Ambos cayeron de rodillas, jadeando, con el eco de las voces aún resonando en sus cabezas. Elara apretó la daga contra su pecho, con manos temblorosas.

—Esto no para —dijo, con voz ronca—. Nos está desgastando.

Arion se pasó una mano por el rostro, limpiando el sudor frío.

—Es más fuerte que antes —respondió—. Nos quieren acabar.

Ella lo miró, la vulnerabilidad asomaba tras su fachada.

—¿Y si tienen razón? —preguntó—. ¿Y si huir fue un error?

Él se acercó, arrodillándose frente a ella, con sus ojos dorados firmes, a pesar del caos.

—No lo fue —dijo—. Huimos por nosotros, no contra ellos.
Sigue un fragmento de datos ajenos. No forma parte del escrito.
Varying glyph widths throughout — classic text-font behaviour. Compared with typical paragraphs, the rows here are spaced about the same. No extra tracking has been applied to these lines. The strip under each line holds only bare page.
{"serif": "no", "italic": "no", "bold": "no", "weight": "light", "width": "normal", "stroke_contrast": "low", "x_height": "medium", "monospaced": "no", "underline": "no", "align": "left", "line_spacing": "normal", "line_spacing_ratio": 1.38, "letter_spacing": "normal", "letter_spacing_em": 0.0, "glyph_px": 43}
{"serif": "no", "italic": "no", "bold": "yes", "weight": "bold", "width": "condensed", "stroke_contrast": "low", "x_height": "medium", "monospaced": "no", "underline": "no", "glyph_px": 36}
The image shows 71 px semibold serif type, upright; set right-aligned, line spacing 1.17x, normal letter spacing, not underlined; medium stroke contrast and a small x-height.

No puedo hacerlo solo.

Elara respiró hondo, el calor de su cercanía cortaba el frío de la niebla.

—Ni yo —admitió, su voz era apenas un susurro—. Pero no sé si puedo confiar en ti.

Arion sonrió y dijo:

—Después de todo esto, creo que ya lo haces —respondió—, un poco.

Ella casi rio, un sonido breve que rompió la tensión. Guardó la daga, poniéndose en pie, y él la imitó, el aire entre ellos era más ligero, aunque frágil.